Navy chief on Chinese vessel: ‘Have to do anything in our zone, notify us’

NEW DELHI: Indian warships drove away a Chinese oceanic research vessel indulging in suspicious activity near the strategically-located Andaman and Nicobar archipelago recently, amidst the continuing shadow-boxing between New Delhi and Beijing for the same strategic space and influence in the Indian Ocean Region (IOR).
“Our stand is that if you have to do anything in our EEZ (exclusive economic zone), you have to notify us first,” said Navy chief Admiral Karambir Singh on Tuesday, confirming the Chinese vessel Shi Yan-1 was forced to leave the area after it was first detected by P-8I maritime patrol aircraft a few weeks ago.

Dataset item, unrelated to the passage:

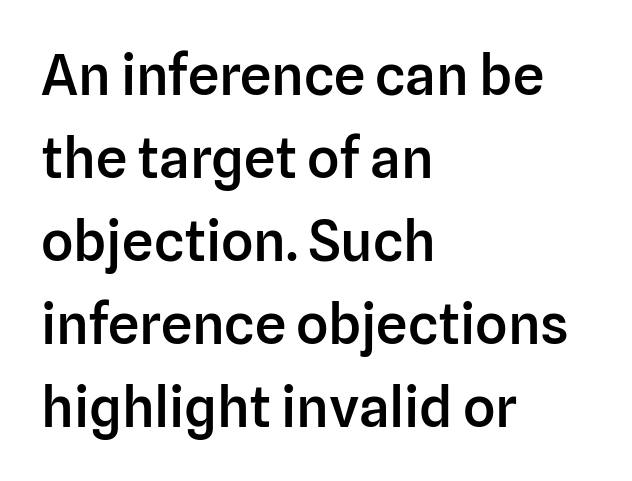
The face used here is rendered with its standard letterfit. The rag falls on the right side of this text block. I'd call this a sans setting — the letters go barefoot. In terms of weight, the rendering is demibold, just under bold. Nobody drew a line under any word here.

Chinese warships and research vessels have often been detected indulging in such suspected spying activities in the region. “EEZs are international waters, but if we find Chinese ships engaging in what we perceive to be military manoeuvres, we chase them away,” said another senior officer.
Admiral Singh, speaking ahead of the Navy Day on Wednesday, said there were seven to eight Chinese warships present in the IOR at any given time. The Chinese Navy is also gearing up for an exercise with its Pakistani counterpart in the north Arabian Sea soon to reaffirm their “all-weather strategic partnership”.

India, too, will conduct the “Paschim Lehar” wargames in the Arabian Sea in January-February to “simulate a conflict or contingency in the western maritime theatre”, said the Navy chief. Incidentally, China, along with Pakistan, is not among the 41 countries invited for the “Milan” multi-lateral exercise at Vizag in March because India does not want to legitimize its increasing presence in the IOR.
But while Pakistan is not a worry in the maritime domain, China is in a different league altogether. With an overseas base at Djibouti in the Horn of Africa and naval turnaround facilities at Karachi, the fast-expanding Chinese Navy already has two aircraft carriers (two more are being built), 33 destroyers, 54 frigates, 42 corvettes, 50 diesel-electric and 10 nuclear submarines, among other warships.
Grappling with a fund crunch, the 140-warship Indian Navy has just one aircraft carrier, 10 destroyers, 14 frigates, 11 corvettes, and 15 diesel-electric and two nuclear submarines as of now. The force, which has asked for an additional Rs 16,000 crore for capital expenditure in the ongoing fiscal, may be forced to settle for 175 warships instead of the 212 it wanted by 2027..
“Navy’s share of the defence budget has declined from 18% in 2012 to around 13% in 2019-2020. While we have projected our requirement to the government, and are hopeful of getting more money, we remain committed to progress force modernization using available resources optimally. Our aim is to get the maximum bang for the buck, with prioritization, rationalization and economy of expenditure,” said Admiral Singh.
“As the Navy chief, my concern is to safeguard the country’s maritime interests, and not allow any action by any other player in the region to adversely impact them. I am convinced the nation requires three aircraft carriers so that two are operational at any given time,” he added.
As was first reported by TOI, the Navy plans to take up afresh its long-standing case for a third aircraft carrier, which will have a displacement of 65,000 tonne, electric propulsion and CATOBAR (catapult assisted take-off but arrested recovery) configuration for launching fighters as well as heavier aircraft from its deck.
India currently has only one carrier in the 44,400-tonne INS Vikramaditya, while the second one – the 40,000-tonne indigenous aircraft carrier (IAC-I) or INS Vikrant being built at Cochin Shipyard for over Rs 20,000 crore – will become fully operational by 2022. The IAC-II may cost around Rs 45,000 crore but the expenditure will be spread over 10-14 years, with the bulk of it being ploughed back into the country’s economy.